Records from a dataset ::
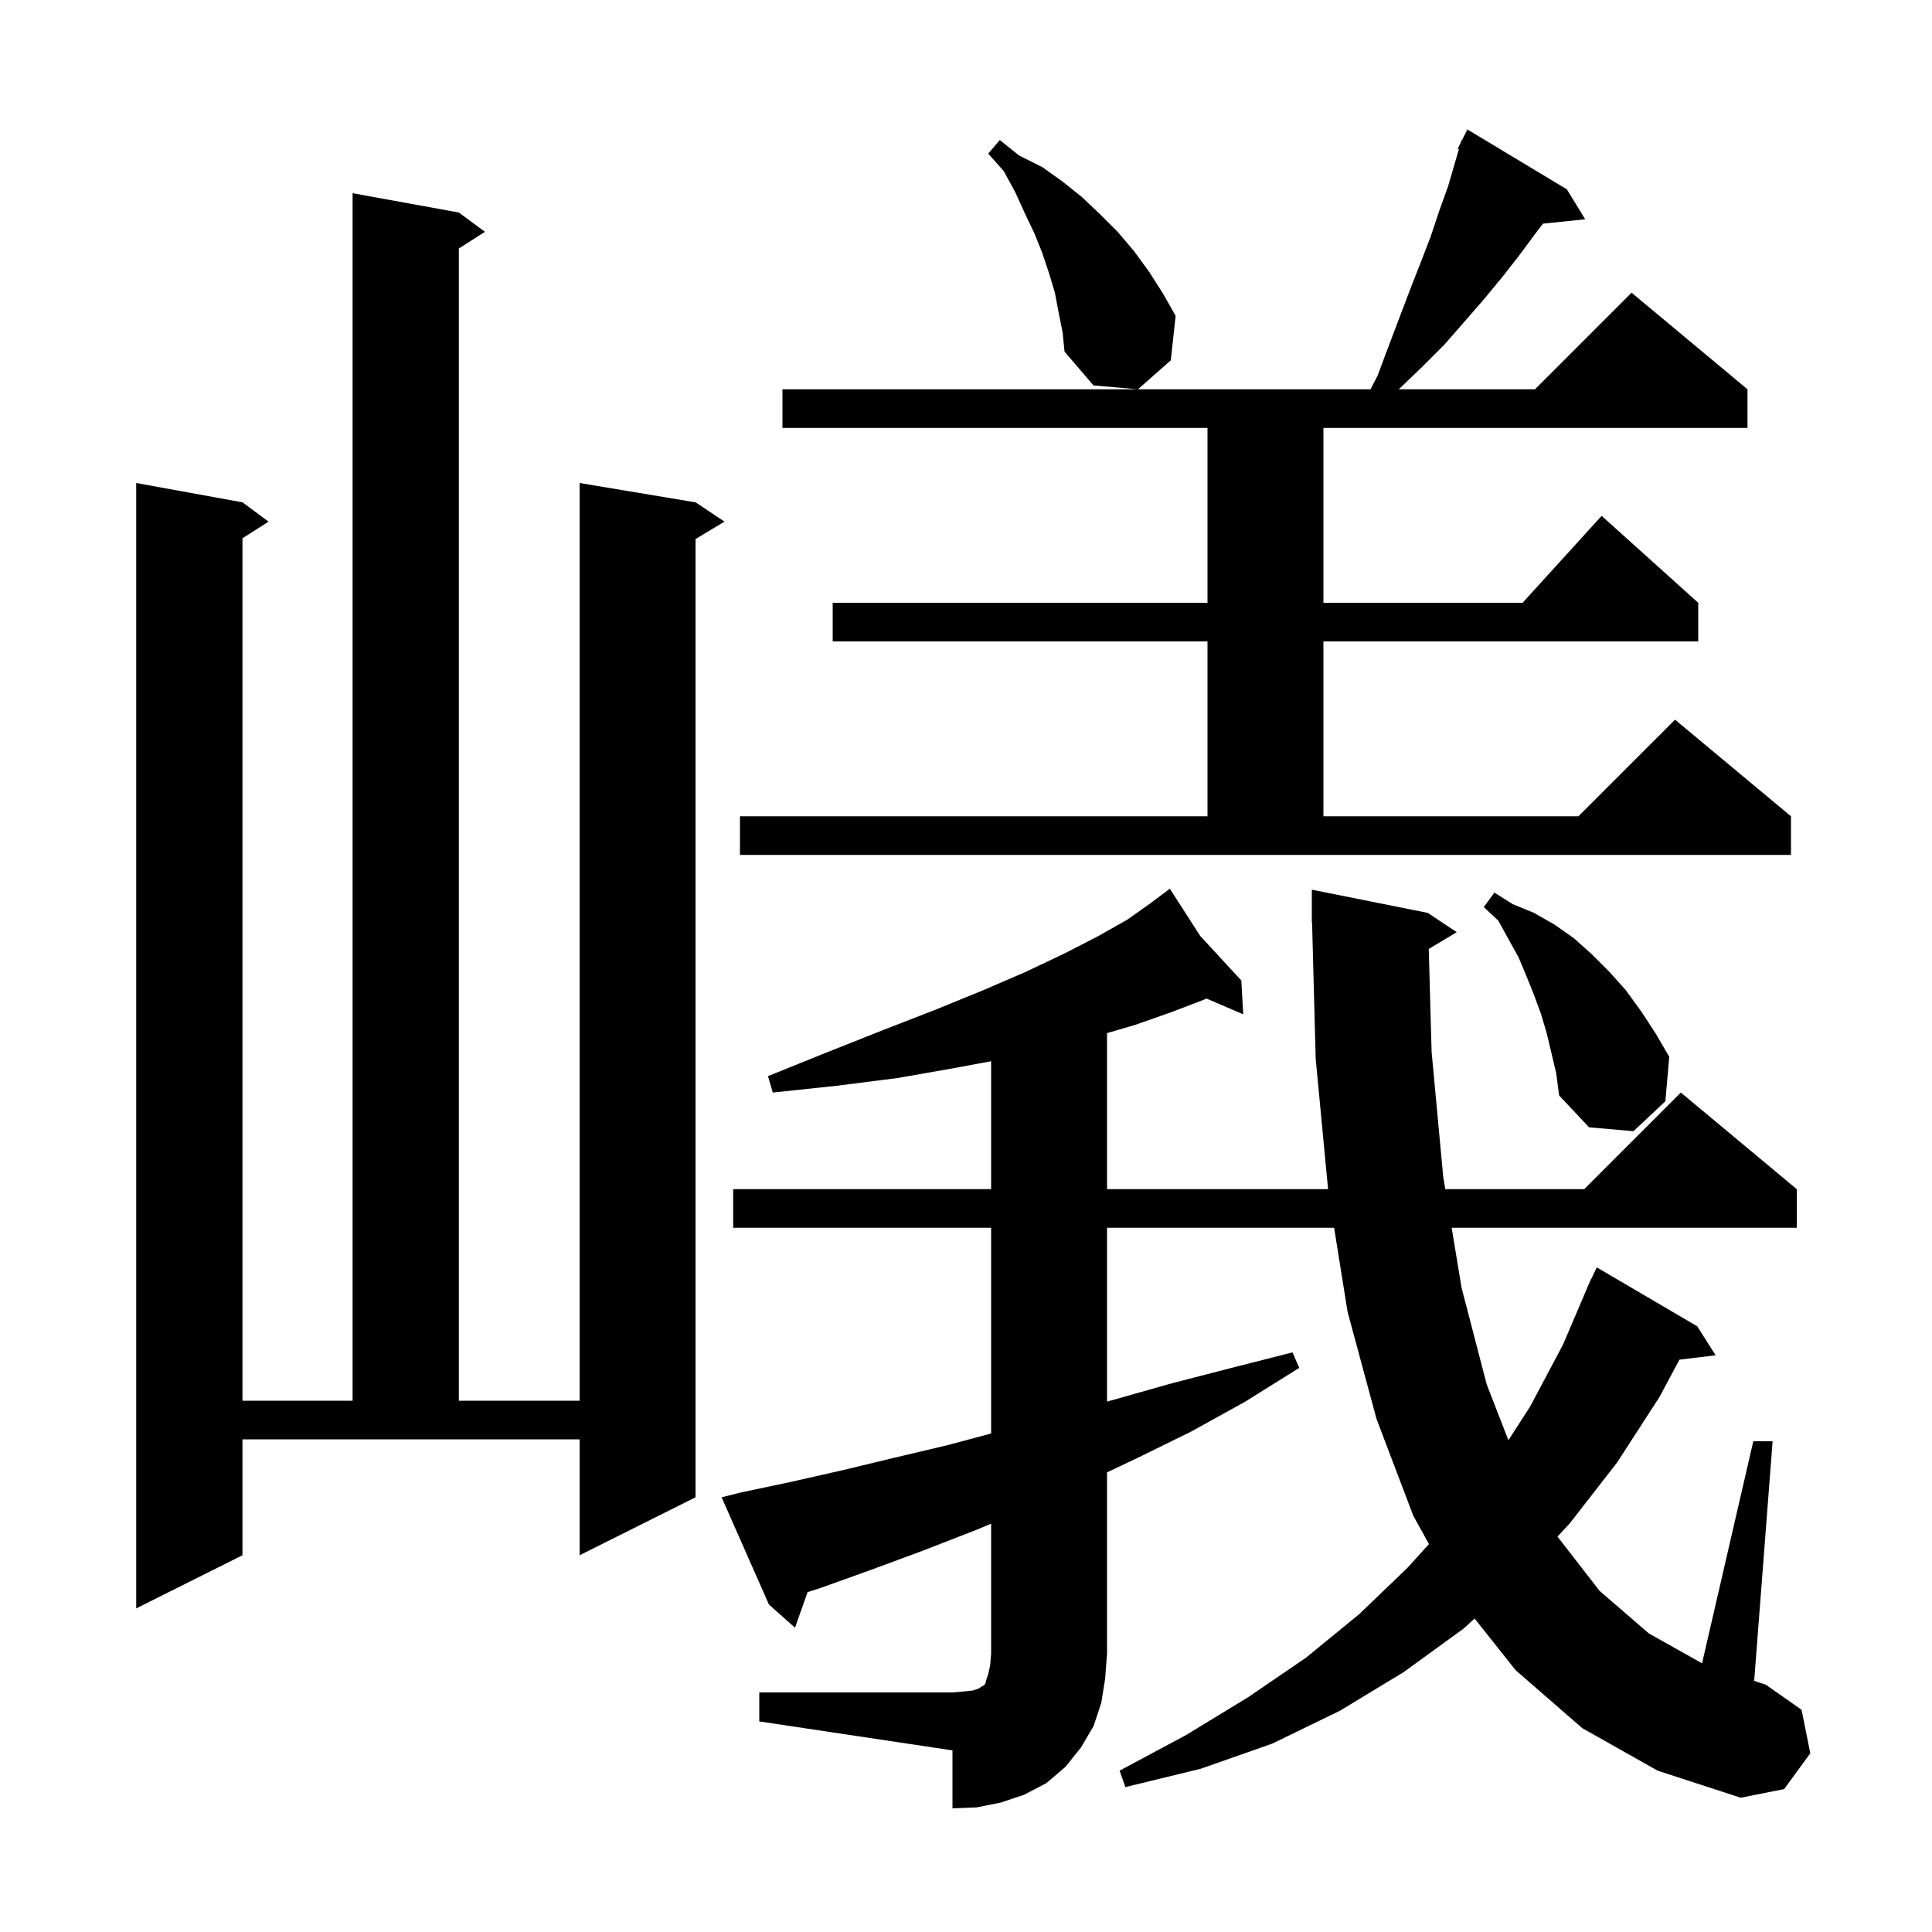 <svg xmlns="http://www.w3.org/2000/svg" xmlns:xlink="http://www.w3.org/1999/xlink" version="1.1" baseProfile="full" viewBox="0 0 200 200" width="200" height="200">
<g fill="black">
<path d="M 78.6 175.2 L 98.6 175.2 L 99.8 175.1 L 100.7 175.0 L 101.3 174.8 L 101.6 174.6 L 101.8 174.5 L 102.0 174.3 L 102.1 173.9 L 102.3 173.3 L 102.5 172.4 L 102.6 171.2 L 102.6 157.731 L 101.0 158.4 L 95.6 160.5 L 90.2 162.5 L 84.9 164.4 L 83.6 164.817 L 82.3 168.5 L 79.6 166.1 L 74.7 155.0 L 76.7 154.5 L 81.9 153.4 L 87.2 152.2 L 92.6 150.9 L 98.1 149.6 L 102.6 148.395 L 102.6 127.1 L 75.9 127.1 L 75.9 123.1 L 102.6 123.1 L 102.6 109.859 L 98.6 110.6 L 92.9 111.6 L 86.6 112.4 L 80.0 113.1 L 79.5 111.4 L 85.7 108.9 L 91.5 106.6 L 96.9 104.5 L 101.8 102.5 L 106.2 100.6 L 110.2 98.7 L 113.7 96.9 L 116.7 95.2 L 119.1 93.5 L 120.285 92.611 L 120.2 92.5 L 120.295 92.603 L 121.1 92.0 L 124.244 96.885 L 128.5 101.5 L 128.7 105.0 L 124.887 103.366 L 124.6 103.5 L 121.2 104.8 L 117.5 106.1 L 114.6 106.949 L 114.6 123.1 L 137.481 123.1 L 136.2 109.6 L 135.826 95.498 L 135.8 95.5 L 135.8 92.1 L 147.8 94.5 L 150.8 96.5 L 147.904 98.238 L 148.2 108.9 L 149.4 121.8 L 149.615 123.1 L 164.0 123.1 L 174.0 113.1 L 186.0 123.1 L 186.0 127.1 L 150.276 127.1 L 151.3 133.3 L 153.9 143.3 L 156.15 149.094 L 158.4 145.6 L 161.8 139.2 L 164.314 133.305 L 164.3 133.3 L 164.455 132.975 L 164.7 132.4 L 164.724 132.41 L 165.3 131.2 L 175.7 137.3 L 177.6 140.3 L 173.856 140.752 L 171.8 144.6 L 167.4 151.4 L 162.5 157.7 L 161.229 159.067 L 165.6 164.7 L 170.7 169.1 L 176.196 172.185 L 181.5 149.2 L 183.5 149.2 L 181.592 174.004 L 182.8 174.4 L 186.5 177.0 L 187.4 181.5 L 184.7 185.2 L 180.2 186.1 L 171.6 183.3 L 163.8 178.9 L 156.9 172.9 L 152.65 167.551 L 151.5 168.6 L 145.3 173.1 L 138.7 177.1 L 131.7 180.5 L 124.3 183.1 L 116.5 185.0 L 115.9 183.3 L 122.8 179.6 L 129.2 175.7 L 135.2 171.6 L 140.7 167.1 L 145.7 162.3 L 147.923 159.841 L 146.3 156.9 L 142.5 146.9 L 139.5 135.8 L 138.108 127.1 L 114.6 127.1 L 114.6 145.093 L 115.3 144.9 L 121.3 143.2 L 127.5 141.6 L 133.8 140.0 L 134.5 141.6 L 128.9 145.1 L 123.3 148.2 L 117.6 151.0 L 114.6 152.418 L 114.6 171.2 L 114.4 173.8 L 114.0 176.3 L 113.2 178.7 L 111.9 180.9 L 110.3 182.9 L 108.3 184.6 L 106.0 185.8 L 103.6 186.6 L 101.1 187.1 L 98.6 187.2 L 98.6 181.2 L 78.6 178.2 Z M 25.1 161.0 L 14.1 166.5 L 14.1 50.0 L 25.1 52.0 L 27.8 54.0 L 25.1 55.723 L 25.1 145.0 L 36.5 145.0 L 36.5 20.0 L 47.5 22.0 L 50.2 24.0 L 47.5 25.723 L 47.5 145.0 L 60.0 145.0 L 60.0 50.0 L 72.0 52.0 L 75.0 54.0 L 72.0 55.8 L 72.0 155.0 L 60.0 161.0 L 60.0 149.0 L 25.1 149.0 Z M 160.1 106.9 L 159.5 104.9 L 158.8 103.0 L 158.0 101.0 L 157.2 99.1 L 156.2 97.3 L 155.1 95.3 L 153.6 93.9 L 154.7 92.4 L 156.6 93.6 L 158.8 94.5 L 160.9 95.7 L 162.9 97.1 L 164.8 98.8 L 166.6 100.6 L 168.3 102.5 L 169.9 104.7 L 171.4 107.0 L 172.8 109.4 L 172.4 114.0 L 169.1 117.1 L 164.5 116.7 L 161.4 113.4 L 161.1 111.1 Z M 76.6 84.5 L 125.0 84.5 L 125.0 66.4 L 86.2 66.4 L 86.2 62.4 L 125.0 62.4 L 125.0 44.3 L 81.0 44.3 L 81.0 40.3 L 141.876 40.3 L 142.6 38.9 L 143.8 35.7 L 146.0 29.9 L 147.1 27.1 L 148.1 24.5 L 149.0 21.8 L 149.9 19.3 L 151.024 15.446 L 150.9 15.4 L 151.23 14.74 L 151.3 14.5 L 151.341 14.519 L 151.9 13.4 L 162.2 19.6 L 164.1 22.7 L 159.733 23.152 L 159.0 24.1 L 157.3 26.4 L 155.5 28.7 L 153.6 31.0 L 151.6 33.3 L 149.5 35.7 L 147.2 38.0 L 144.8 40.3 L 158.9 40.3 L 168.9 30.3 L 180.9 40.3 L 180.9 44.3 L 137.0 44.3 L 137.0 62.4 L 157.618 62.4 L 165.8 53.4 L 175.8 62.4 L 175.8 66.4 L 137.0 66.4 L 137.0 84.5 L 163.4 84.5 L 173.4 74.5 L 185.4 84.5 L 185.4 88.5 L 76.6 88.5 Z M 109.6 32.4 L 109.2 30.3 L 108.6 28.3 L 107.9 26.2 L 107.1 24.2 L 106.1 22.1 L 105.1 19.9 L 103.9 17.7 L 102.3 15.9 L 103.5 14.5 L 105.5 16.1 L 107.9 17.3 L 110.0 18.8 L 112.0 20.4 L 113.9 22.2 L 115.7 24.0 L 117.4 26.0 L 119.0 28.2 L 120.4 30.4 L 121.7 32.7 L 121.2 37.3 L 117.8 40.3 L 113.2 39.9 L 110.2 36.4 L 110.0 34.4 Z " />
</g>
</svg>

WORK ORDER :: Return all records verbatim and drop the pictures.

RESPONSE BOX ::
 <svg xmlns="http://www.w3.org/2000/svg" xmlns:xlink="http://www.w3.org/1999/xlink" version="1.1" baseProfile="full" viewBox="0 0 200 200" width="200" height="200">
<g fill="black">
<path d="M 78.6 175.2 L 98.6 175.2 L 99.8 175.1 L 100.7 175.0 L 101.3 174.8 L 101.6 174.6 L 101.8 174.5 L 102.0 174.3 L 102.1 173.9 L 102.3 173.3 L 102.5 172.4 L 102.6 171.2 L 102.6 157.731 L 101.0 158.4 L 95.6 160.5 L 90.2 162.5 L 84.9 164.4 L 83.6 164.817 L 82.3 168.5 L 79.6 166.1 L 74.7 155.0 L 76.7 154.5 L 81.9 153.4 L 87.2 152.2 L 92.6 150.9 L 98.1 149.6 L 102.6 148.395 L 102.6 127.1 L 75.9 127.1 L 75.9 123.1 L 102.6 123.1 L 102.6 109.859 L 98.6 110.6 L 92.9 111.6 L 86.6 112.4 L 80.0 113.1 L 79.5 111.4 L 85.7 108.9 L 91.5 106.6 L 96.9 104.5 L 101.8 102.5 L 106.2 100.6 L 110.2 98.7 L 113.7 96.9 L 116.7 95.2 L 119.1 93.5 L 120.285 92.611 L 120.2 92.5 L 120.295 92.603 L 121.1 92.0 L 124.244 96.885 L 128.5 101.5 L 128.7 105.0 L 124.887 103.366 L 124.6 103.5 L 121.2 104.8 L 117.5 106.1 L 114.6 106.949 L 114.6 123.1 L 137.481 123.1 L 136.2 109.6 L 135.826 95.498 L 135.8 95.5 L 135.8 92.1 L 147.8 94.5 L 150.8 96.5 L 147.904 98.238 L 148.2 108.9 L 149.4 121.8 L 149.615 123.1 L 164.0 123.1 L 174.0 113.1 L 186.0 123.1 L 186.0 127.1 L 150.276 127.1 L 151.3 133.3 L 153.9 143.3 L 156.15 149.094 L 158.4 145.6 L 161.8 139.2 L 164.314 133.305 L 164.3 133.3 L 164.455 132.975 L 164.7 132.4 L 164.724 132.41 L 165.3 131.2 L 175.7 137.3 L 177.6 140.3 L 173.856 140.752 L 171.8 144.6 L 167.4 151.4 L 162.5 157.7 L 161.229 159.067 L 165.6 164.7 L 170.7 169.1 L 176.196 172.185 L 181.5 149.2 L 183.5 149.2 L 181.592 174.004 L 182.8 174.4 L 186.5 177.0 L 187.4 181.5 L 184.7 185.2 L 180.2 186.1 L 171.6 183.3 L 163.8 178.9 L 156.9 172.9 L 152.65 167.551 L 151.5 168.6 L 145.3 173.1 L 138.7 177.1 L 131.7 180.5 L 124.3 183.1 L 116.5 185.0 L 115.9 183.3 L 122.8 179.6 L 129.2 175.7 L 135.2 171.6 L 140.7 167.1 L 145.7 162.3 L 147.923 159.841 L 146.3 156.9 L 142.5 146.9 L 139.5 135.8 L 138.108 127.1 L 114.6 127.1 L 114.6 145.093 L 115.3 144.9 L 121.3 143.2 L 127.5 141.6 L 133.8 140.0 L 134.5 141.6 L 128.9 145.1 L 123.3 148.2 L 117.6 151.0 L 114.6 152.418 L 114.6 171.2 L 114.4 173.8 L 114.0 176.3 L 113.2 178.7 L 111.9 180.9 L 110.3 182.9 L 108.3 184.6 L 106.0 185.8 L 103.6 186.6 L 101.1 187.1 L 98.6 187.2 L 98.6 181.2 L 78.6 178.2 Z M 25.1 161.0 L 14.1 166.5 L 14.1 50.0 L 25.1 52.0 L 27.8 54.0 L 25.1 55.723 L 25.1 145.0 L 36.5 145.0 L 36.5 20.0 L 47.5 22.0 L 50.2 24.0 L 47.5 25.723 L 47.5 145.0 L 60.0 145.0 L 60.0 50.0 L 72.0 52.0 L 75.0 54.0 L 72.0 55.8 L 72.0 155.0 L 60.0 161.0 L 60.0 149.0 L 25.1 149.0 Z M 160.1 106.9 L 159.5 104.9 L 158.8 103.0 L 158.0 101.0 L 157.2 99.1 L 156.2 97.3 L 155.1 95.3 L 153.6 93.9 L 154.7 92.4 L 156.6 93.6 L 158.8 94.5 L 160.9 95.7 L 162.9 97.1 L 164.8 98.8 L 166.6 100.6 L 168.3 102.5 L 169.9 104.7 L 171.4 107.0 L 172.8 109.4 L 172.4 114.0 L 169.1 117.1 L 164.5 116.7 L 161.4 113.4 L 161.1 111.1 Z M 76.6 84.5 L 125.0 84.5 L 125.0 66.4 L 86.2 66.4 L 86.2 62.4 L 125.0 62.4 L 125.0 44.3 L 81.0 44.3 L 81.0 40.3 L 141.876 40.3 L 142.6 38.9 L 143.8 35.7 L 146.0 29.9 L 147.1 27.1 L 148.1 24.5 L 149.0 21.8 L 149.9 19.3 L 151.024 15.446 L 150.9 15.4 L 151.23 14.74 L 151.3 14.5 L 151.341 14.519 L 151.9 13.4 L 162.2 19.6 L 164.1 22.7 L 159.733 23.152 L 159.0 24.1 L 157.3 26.4 L 155.5 28.7 L 153.6 31.0 L 151.6 33.3 L 149.5 35.7 L 147.2 38.0 L 144.8 40.3 L 158.9 40.3 L 168.9 30.3 L 180.9 40.3 L 180.9 44.3 L 137.0 44.3 L 137.0 62.4 L 157.618 62.4 L 165.8 53.4 L 175.8 62.4 L 175.8 66.4 L 137.0 66.4 L 137.0 84.5 L 163.4 84.5 L 173.4 74.5 L 185.4 84.5 L 185.4 88.5 L 76.6 88.5 Z M 109.6 32.4 L 109.2 30.3 L 108.6 28.3 L 107.9 26.2 L 107.1 24.2 L 106.1 22.1 L 105.1 19.9 L 103.9 17.7 L 102.3 15.9 L 103.5 14.5 L 105.5 16.1 L 107.9 17.3 L 110.0 18.8 L 112.0 20.4 L 113.9 22.2 L 115.7 24.0 L 117.4 26.0 L 119.0 28.2 L 120.4 30.4 L 121.7 32.7 L 121.2 37.3 L 117.8 40.3 L 113.2 39.9 L 110.2 36.4 L 110.0 34.4 Z " />
</g>
</svg>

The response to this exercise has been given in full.